DE1927270A1 - Emulsion polymerisation of vinylidene chlor - ide and co-monomers in two stages - Google Patents

Abstract

A mixture (A) of vinylidene chloride and other monomers giving a co-polymer of softening point -20 degrees C to 40 degrees C, is first polymerised to a conversion of at least 90%. A mixture of vinylidene chloride, with other monomers of desired, giving a co-polymer of softening point 60 degrees to 200 degrees C is then added and immediately polymerised. The ratio of (A) to (B) is from 1:2 to 10:1 and the composition is such that the co-polymer product contains at least 60% vinylidene chloride. The aqueous dispersions obtained can be for coating plastic films, paper, parchment, metallic foils, etc. giving coating with excellent flexibility, elasticity, resistance to ageing and heat-sealing properties. and with reduced tendency to blocking.

Description

Process for the preparation of aqueous dispersions of vinylidene chloride polymer This invention relates to a two step process for emulsion polymerization of vinylidene chloride mixed with other olefinically unsaturated monomers aqueous dispersions which are suitable as coating agents.

Aqueous dispersions of copolymers made from predominant quantities Vinylidene chloride and other olefinically unsaturated monomers such as acrylic esters, are used in technology to a large extent for the production of coatings, for example used on foils. The vinylidene chloride polymers generally contain 80 to 95 ffi of vinylidene chloride polymerized into it. Do they contain 92% or more Polymerized vinylidene chloride, they result in coatings that have good slip properties and their tendency to block is low. Since such vinylidene chloride polymers however, relatively quickly after they have been prepared by emulsion polymerization crystallize and the polyvinylidene chloride particles in a crystallized state Such aqueous dispersions can no longer be suitable for film formation can only be stored for a relatively short time.
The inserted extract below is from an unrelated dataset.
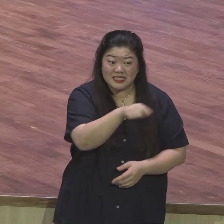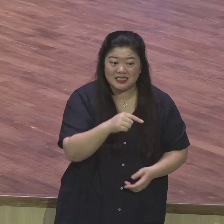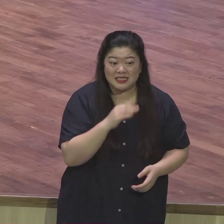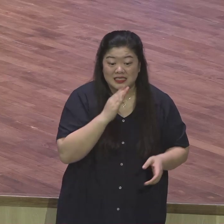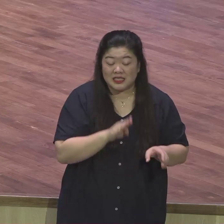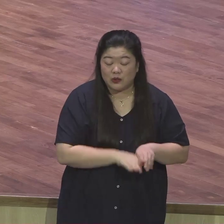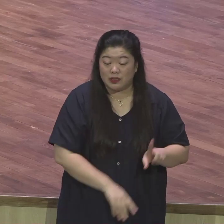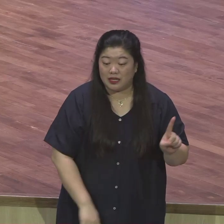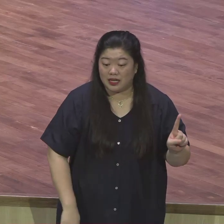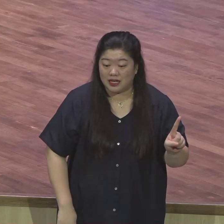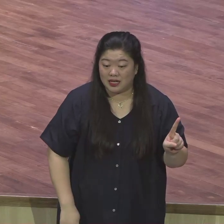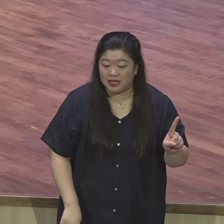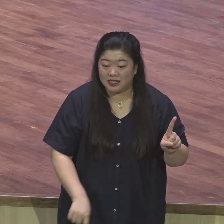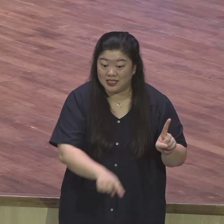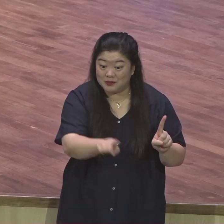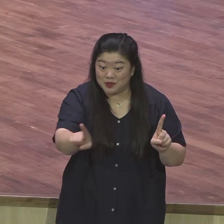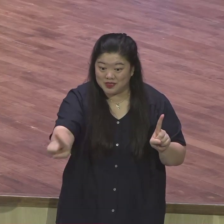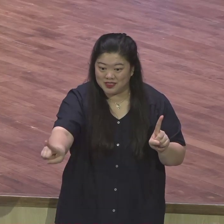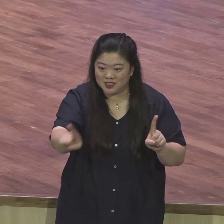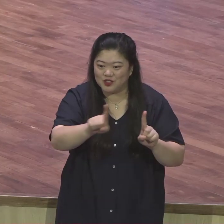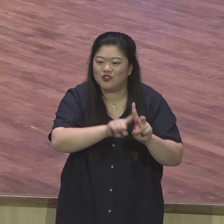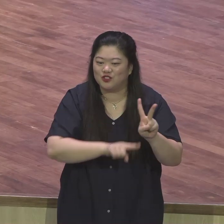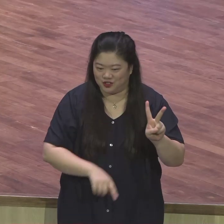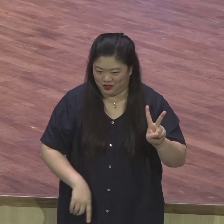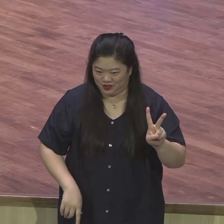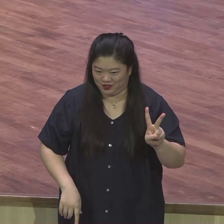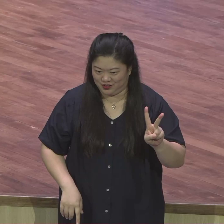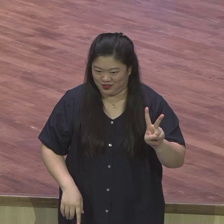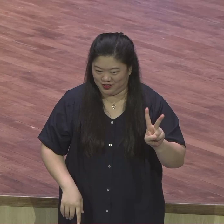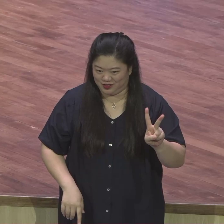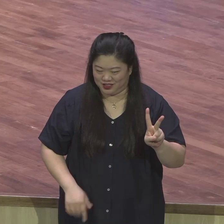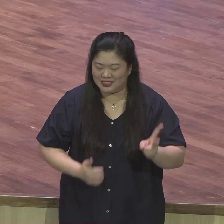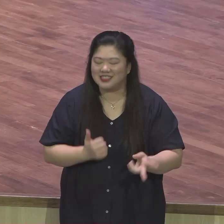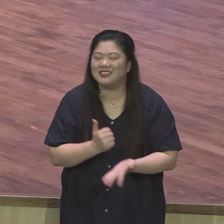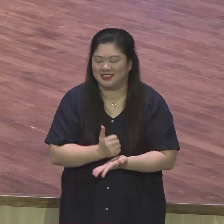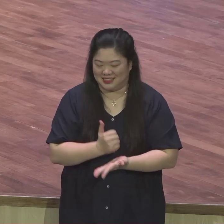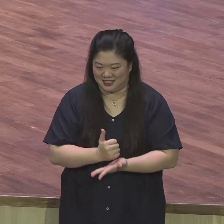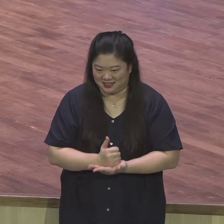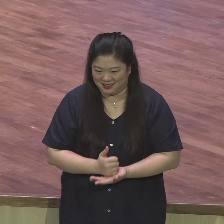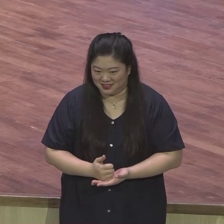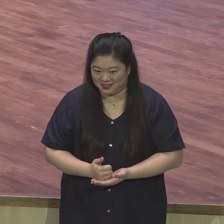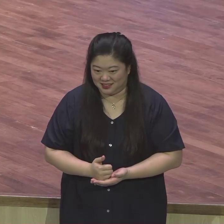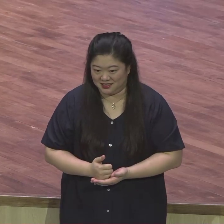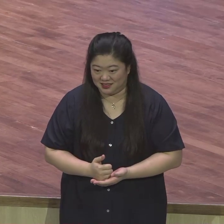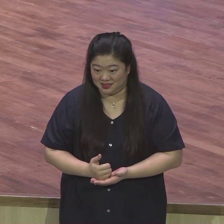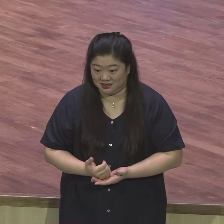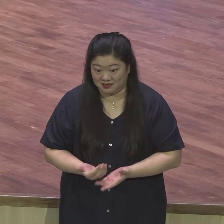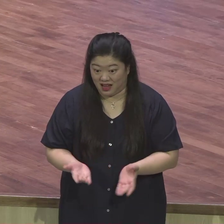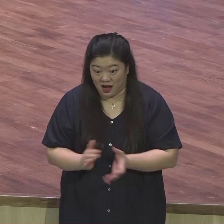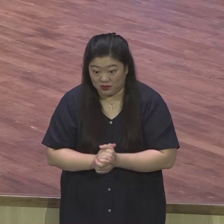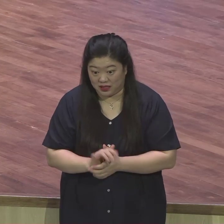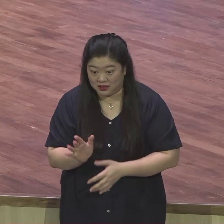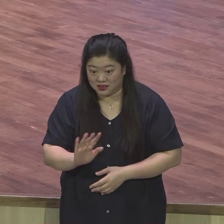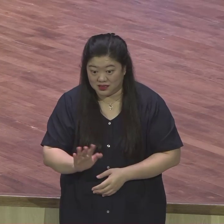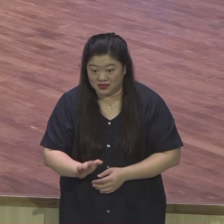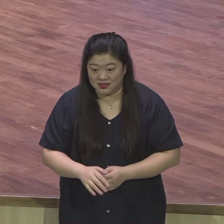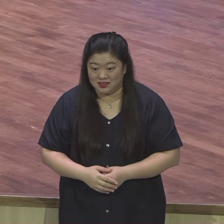밤엔 안 할게. 여러분이 여러분 인정 안 하는데 어떻게 여러분 응답
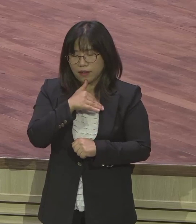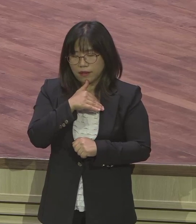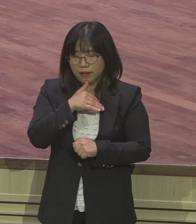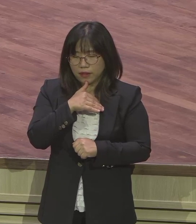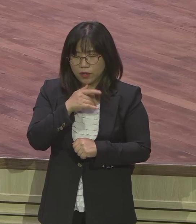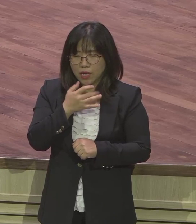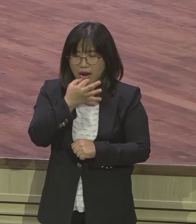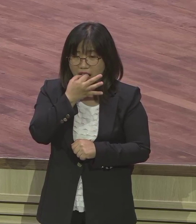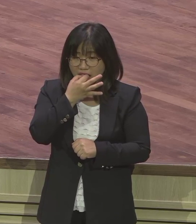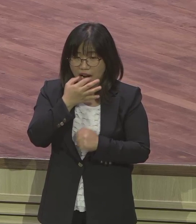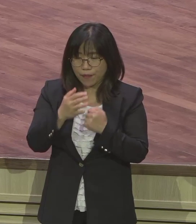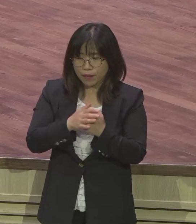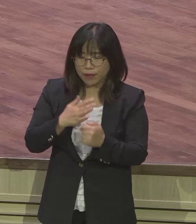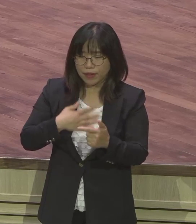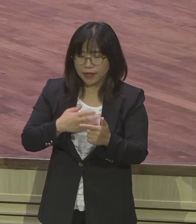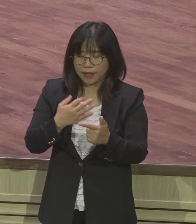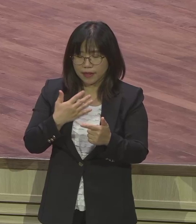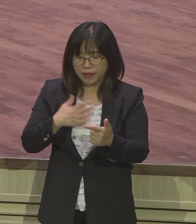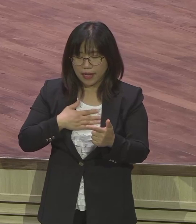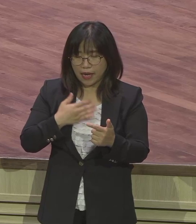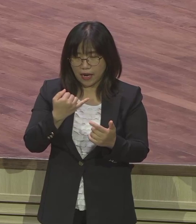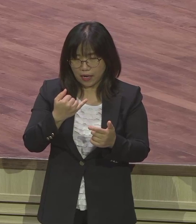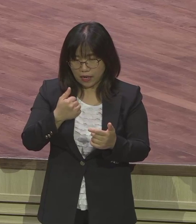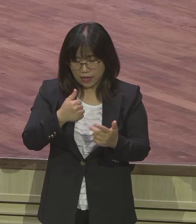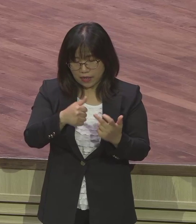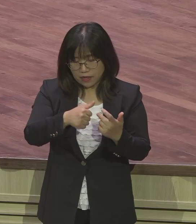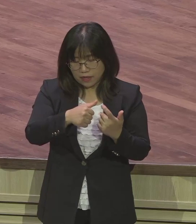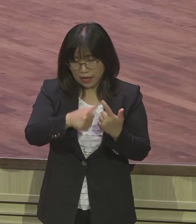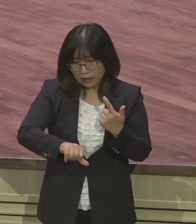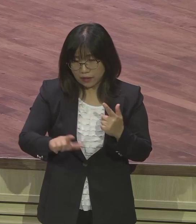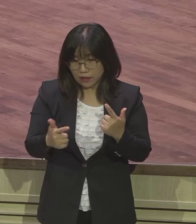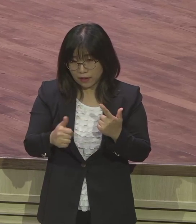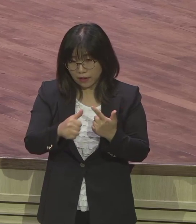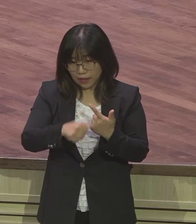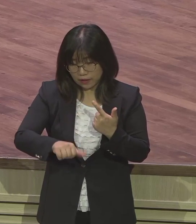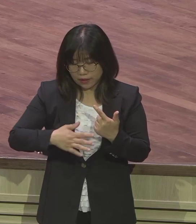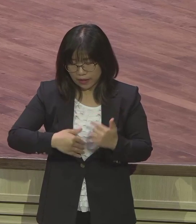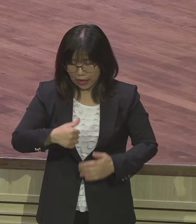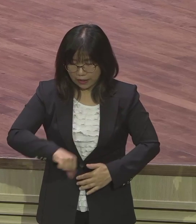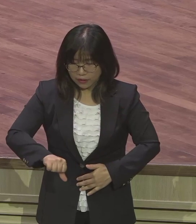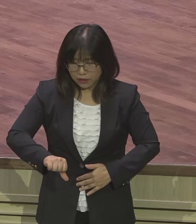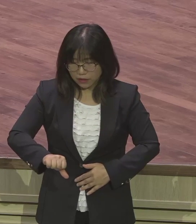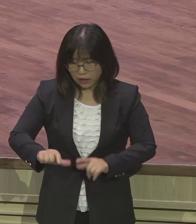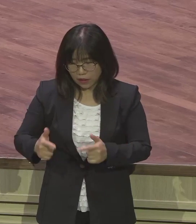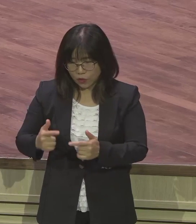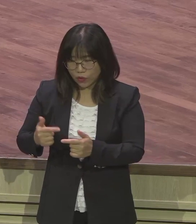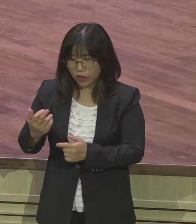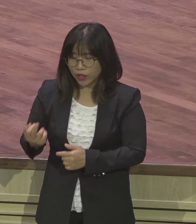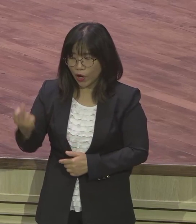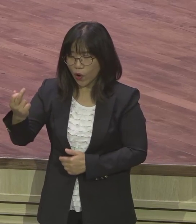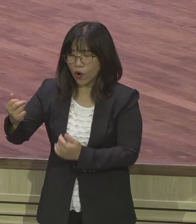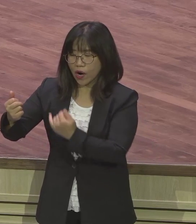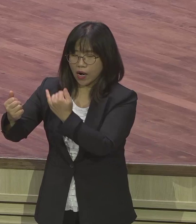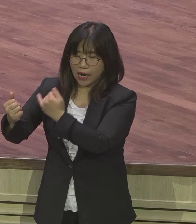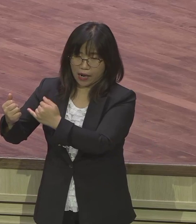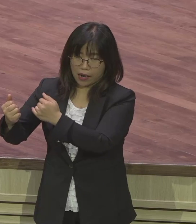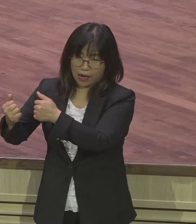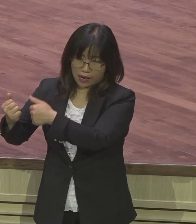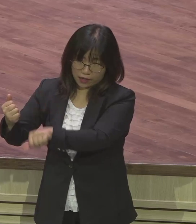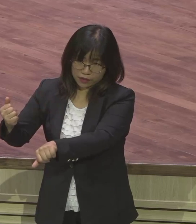자기 자식 안 되고 애일의 형의 자식이 되기 때문에 재산이 자기가 계산할 때 4분의 1로 나눠지는 거요 50

In contrast, vinylidene chloride copolymers tend to be less as 92% of their weight in polymerized vinylidene chloride and through Emulsion polymerization are produced, much less to crystallize. Coatings made from aqueous dispersions of vinylidene chloride polymers which contain less than 92% of vinylidene chloride polymerized tend to be however particularly strong for blocking and quantities often not the requirements of the practice. In addition, such coatings show poor slip behavior, which is evident Lubricant additives such as pigments, paraffins and waxes can often only be improved a little. On the other hand, such additional ones are particularly elastic and flexible and can in the Compared to Finish from vinylidene chloride-richer Nisohpolymerisaten be sealed at lower temperatures.

In DAS 1 250 577, coating agents are also based on aqueous dispersions of vinylidene chloride copolymers described in Amounts from 50 to 99 percent by weight of amorphous copolymer particles and in amounts from 50 to 1 percent by weight, in each case based on the dispersed polymers, Contain crystalline copolymer particles. Such mixtures are few more stable in storage than aqueous dispersions of 92 or more percent by weight vinylidene chloride polymerized-containing mixed polymers. Coatings made from these dispersions also have a relatively poor bloek and slip behavior, and therefore require antiblocking agents or lubricant additives. Because of the required With a high proportion of crystalline material, film formation is very difficult.

In addition, the production of such mixtures is technically proportionate expensive, since work has to be carried out in two separate polymerization vessels.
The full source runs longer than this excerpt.